ナイフを鑑定してから問題がなさそうなら取りに来るなんて、セコイことを考えているのがまるわかりだ。
しかし聞かされた賊の人数を考えると気が滅入りそうになる。かなりの武装勢力と考えれば大規模な隊商でも襲うことが可能だし、その戦利品がこのナイフや指輪だろう。用が済んだらさっさと逃げ出すに限る。
「この賊は討伐指定を受けていないのだろうか?」
「それはなんともなのです。この付近を治める領主がいれば可能性はありますが、師匠さんのところからそう離れてもいないので、誰の領地でもないと考えるほうが正しいかと思うのです」
モンスター同様に人へ被害を頻発させる賊は、領主から討伐クエストが出されることも珍しくない。討伐指定を受けていれば、ギルドなり領主なりから報奨金がもらえると聞いていたことを思い出したが、今の感じだと無理に倒した証拠を持って行く必要もなさそうだ。

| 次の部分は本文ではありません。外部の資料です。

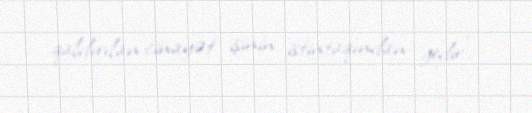
qaldırılan cinayət işinin istintaqından gedir”.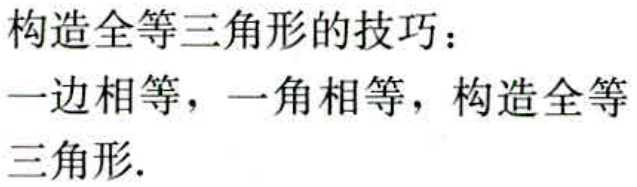
构造全等三角形的技巧：

一边相等，一角相等，构造全等

三角形.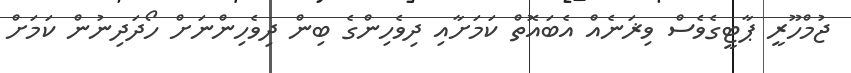
ޖުމްހޫރީ ޕާޓީގެވެސް ވިޜަނެއް އެބައޮތް ކަމަށާއި ދިވެހިންގެ ބިން ދިވެހިންނަށް ހޯދަދިނުން ކަމަށް
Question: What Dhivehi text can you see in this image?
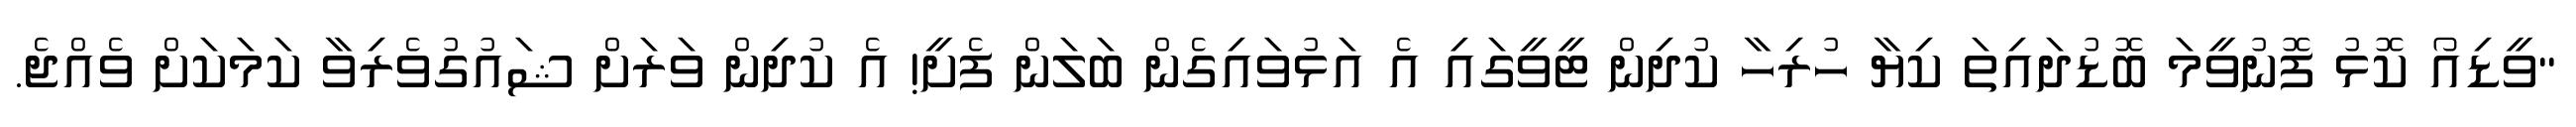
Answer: "ވީޑިއޯ ކޮޅު ފޮނުވީމަ ބޮޑުދައިތަ ކިޔާ ހުރިހާ ކުދިން ޓީވީގައި އެ އަޅުވައިގެން ބަލަން ފެށީ! އެ ކުދިން ވަރަށް ޝައުގުވެރިވާ ކަމަކަށް ވެއްޖެ.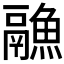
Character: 𱆏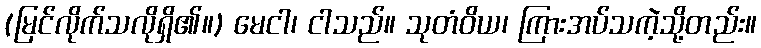
(မြင်လိုက်သလိုရှိ၏။) မေငါ၊ ငါသည်။ သုတံဝိယ၊ ကြားအပ်သကဲ့သို့တည်း။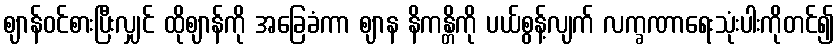
ဈာန်ဝင်စားပြီးလျှင် ထိုဈာန်ကို အခြေခံကာ ဈာန နိကန္တိကို ပယ်စွန့်လျက် လက္ခဏာရေးသုံးပါးကိုတင်၍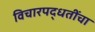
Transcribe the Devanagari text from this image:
विचारपद्धतींचा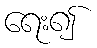
ရေး၍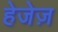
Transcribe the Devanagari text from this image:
हेजेज़
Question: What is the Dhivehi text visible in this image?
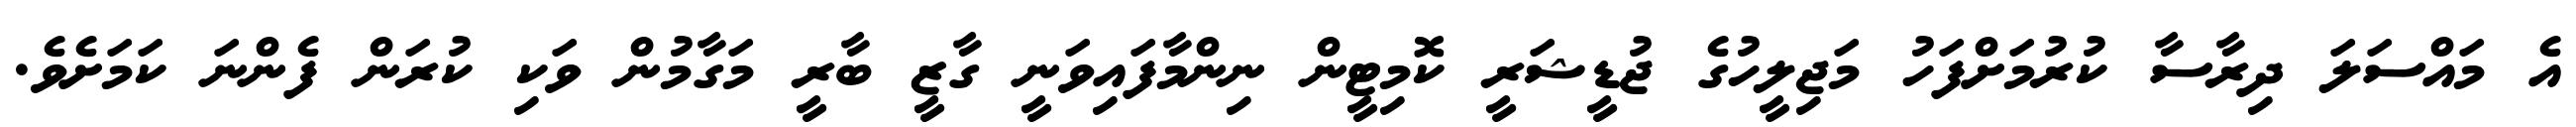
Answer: އެ މައްސަލަ ދިރާސާ ކުރުމަށްފަހު މަޖިލީހުގެ ޖުޑީޝަރީ ކޮމިޓީން ނިންމާފައިވަނީ ގާޒީ ބާރީ މަގާމުން ވަކި ކުރަން ފެންނަ ކަމަށެވެ.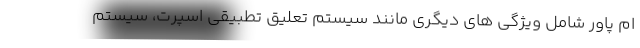
ام پاور شامل ویژگی های دیگری مانند سیستم تعلیق تطبیقی اسپرت، سیستم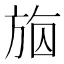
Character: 𣃴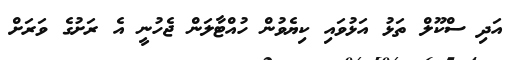
އަދި ސްކޫލް ތަޅު އަޅުވައި ކިޔެވުން ހުއްޓާލަން ޖެހުނީ އެ ރަށުގެ ވަރަށް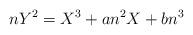
LaTeX: \begin{align*} nY^{2}=X^{3}+an^{2}X+bn^{3}\end{align*}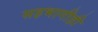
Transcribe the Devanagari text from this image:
सहभागीही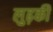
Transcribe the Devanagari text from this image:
लुढ़की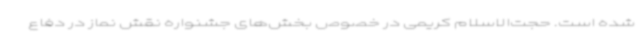
شده است. حجت‌الاسلام کریمی در خصوص بخش‌های جشنواره نقش نماز در دفاع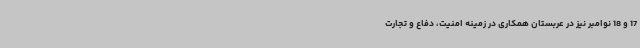
17 و 18 نوامبر نیز در عربستان همکاری در زمینه امنیت، دفاع و تجارت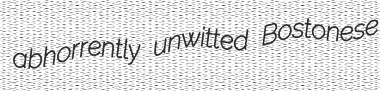
abhorrently unwitted Bostonese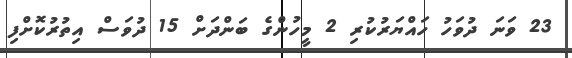
23 ވަނަ ދުވަހު ހައްޔަރުކުރި 2 މީހުންގެ ބަންދަށް 15 ދުވަސް އިތުރުކޮށްފި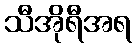
သီအိုရီအရ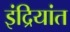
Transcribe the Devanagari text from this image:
इंद्रियांत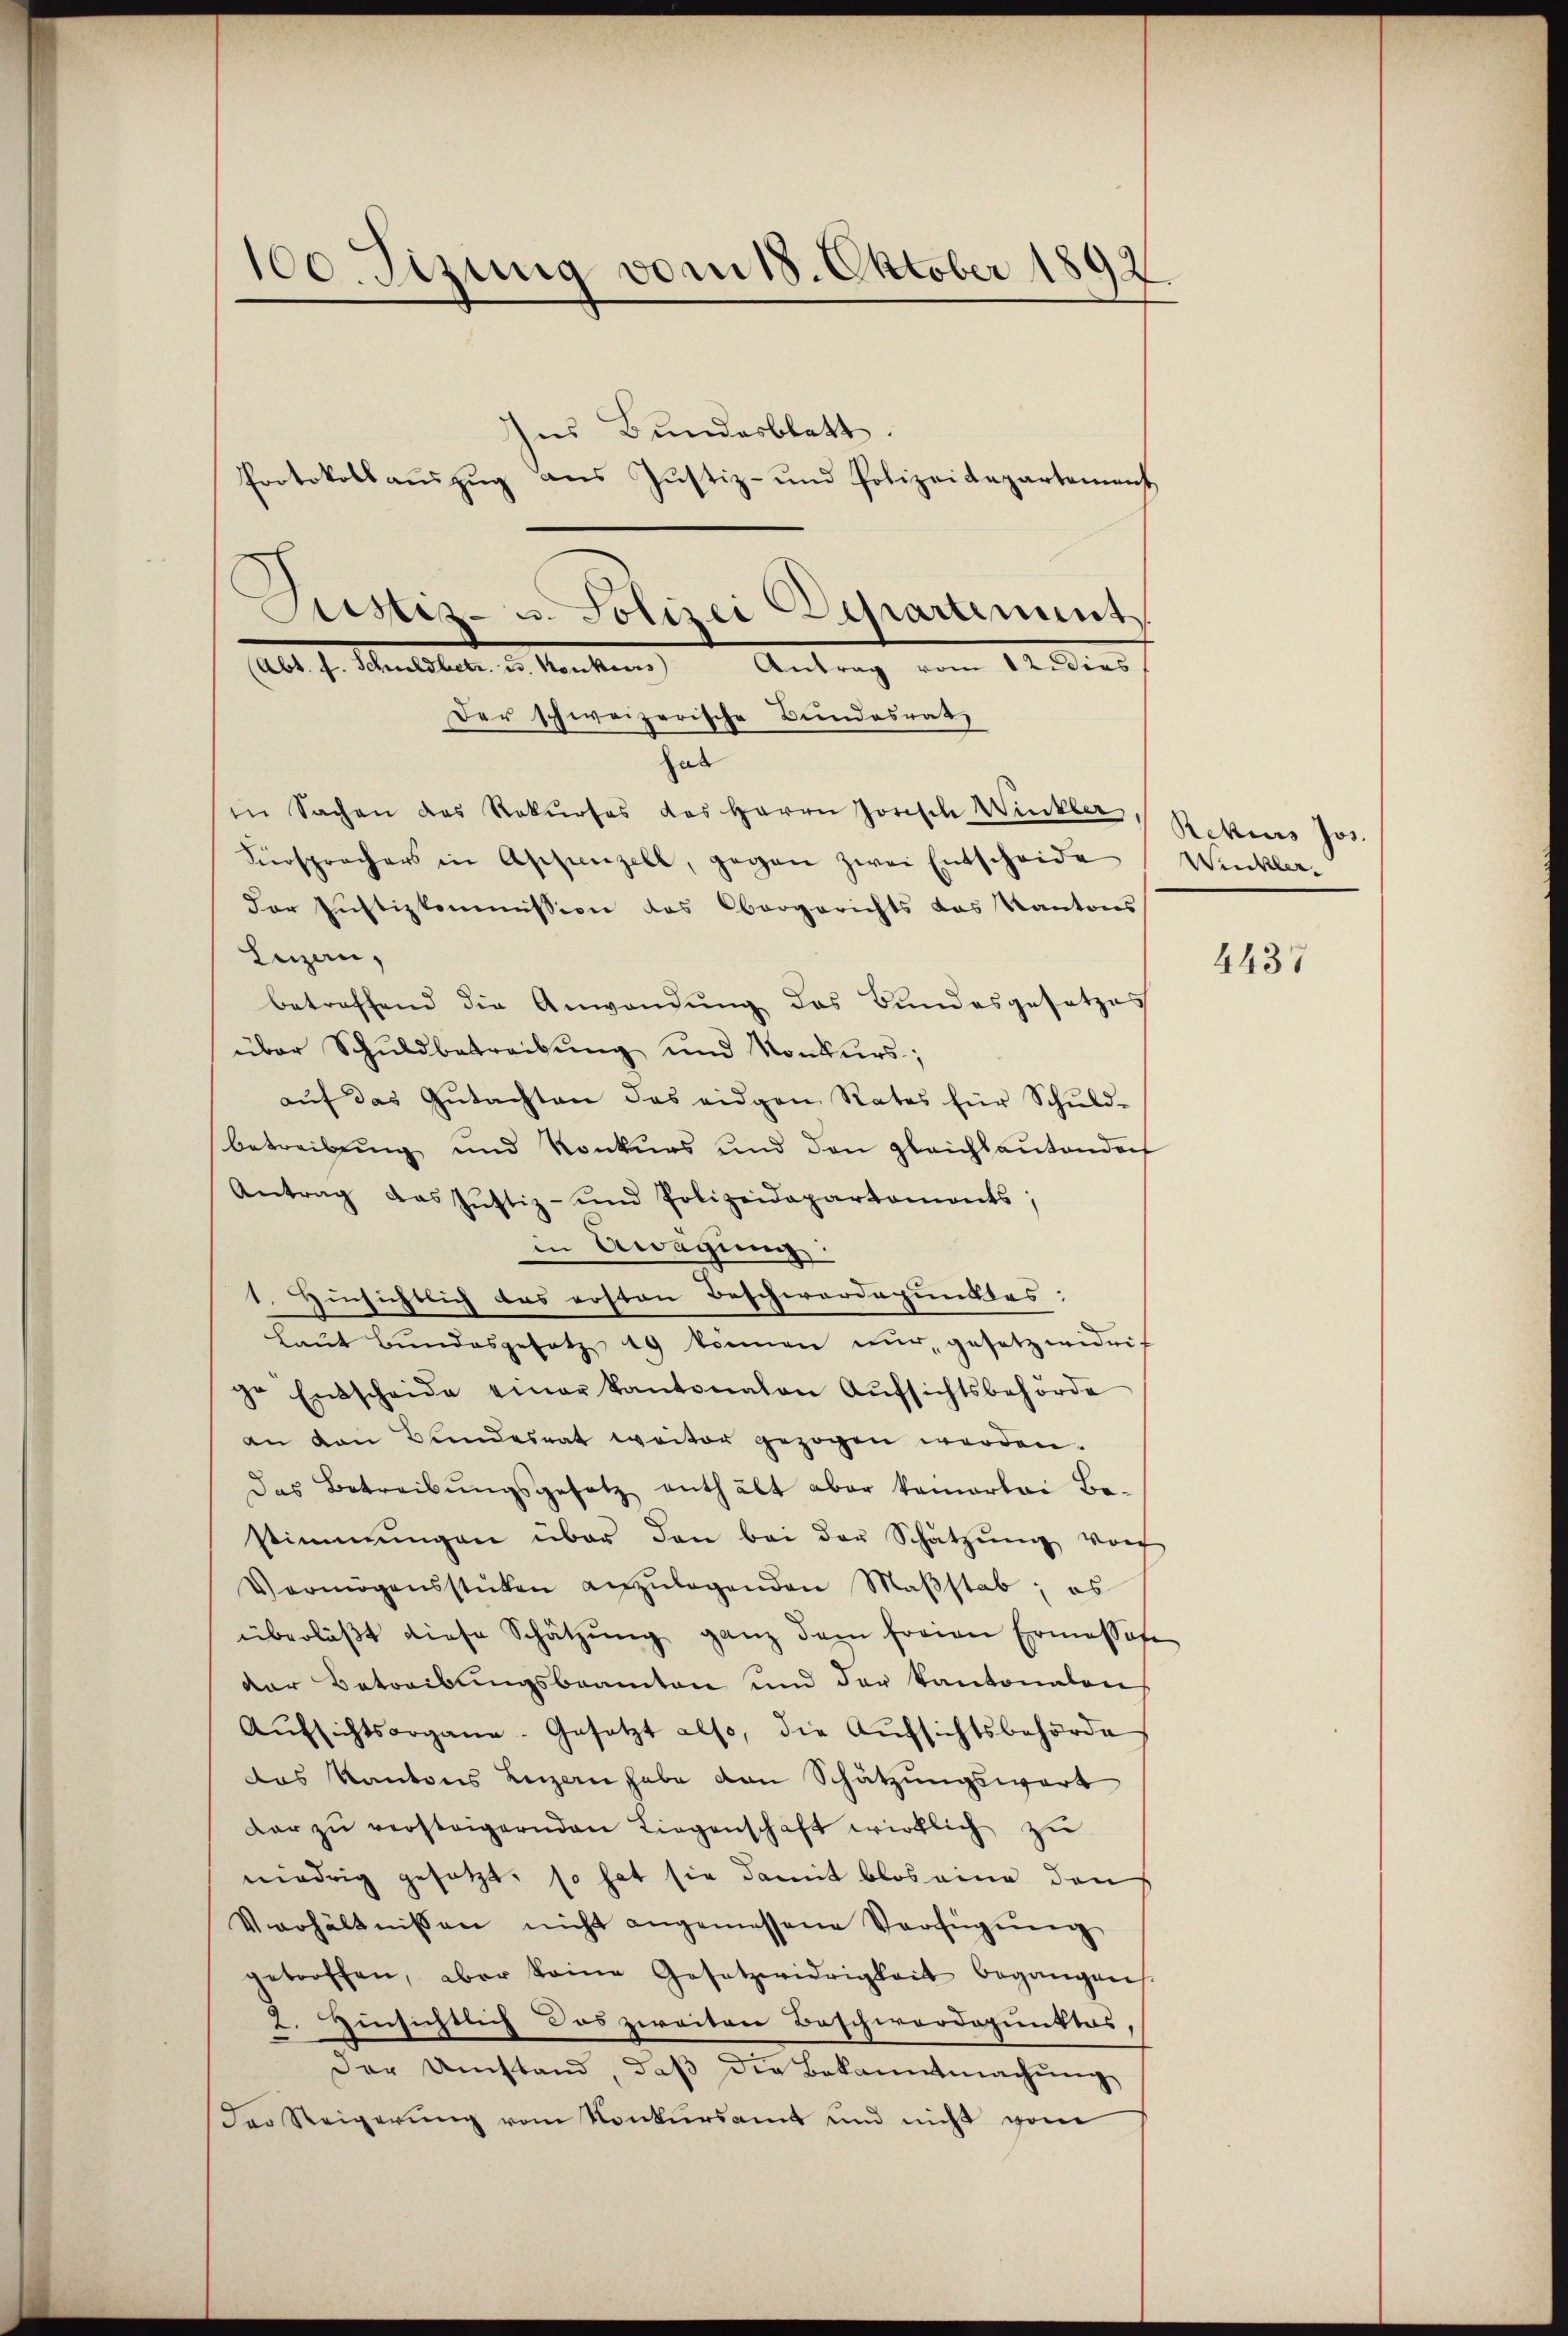
100. Sizung vom 18. Oktober 1892

Ins Bundesblatt.
Protokollaŭszŭg ans Justiz- und Polizeidepartement
Der schweizerische Bundesrat
hab
in Sachen des Rekŭrses des Herrn Josisch Winker Rekurs Jos.
Fürsprachers in Aschenzell, gegen zwei Entscheide
der Justizkommission des Obergerichts das Kantons
Luzern,
betreffend die Anwendung des Bundesgesetzes
über Schuldbetreibŭng und Konkurs;
aŭf das Gŭtachten das eidgen Rates für Schŭld-
betreibŭng und Konkurs und den gleichsantendoch
Antrag das Jŭstiz- und Polizeidepartaments;
in Awagung:
1. insichtlich das ersten Beschwerdepunktes:
Laŭt Bŭndesgesetz 19 können nur, gesetzwidrig
Sr. Entscheide einer Kantonalen Aŭfsichtsbehörde
an den Bundesrat weiter gezogen werden.
das Betreibŭngsgesetz enthält aber kamerlei Be-
stimmungen über den bei der Schatzŭng von
Vermögensstücken anzŭlagenden Maβstab; es
überläβt diese Schätzŭng ganz dem freien Ermessese
der Betreibungsbeamten und der Kantonalen
Aŭfsichtsorgane-Gesetzt also, die Aŭfsichtsbehörde
das Kantons Luzern habe von Schätzungswart
dar zŭ versteigernden Liegenschaft wirklich zu
niedrig gesetzt, so hat sie damit blos eine den
Verhältnissen nicht angemessene Verfügŭng
getroffen, aber keine Gesetzwidrigkeit begangen
2. Hinsichtlich das zweiten Beschwerdepunktes,
Der Umstand, daβ die Bekanntmachŭng
der Steigerung vom Konkursamt und nicht vom

Justiz- u. Polizei Departement
(als s. Mentober in Kranken Antrag vom 12. dies

Winkler.

4437

戦いが始まったのは明け方だったが、とっくに陽は森の上に見えている。何だかんだでけっこう時間が経ってしまったので、早くこの森から離れなければ、また賊に出くわしてしまうかもしれない。
俺達は奪われた荷物を取り戻し、多くのお土産を手にすると疲れた体に鞭を打って歩き出した。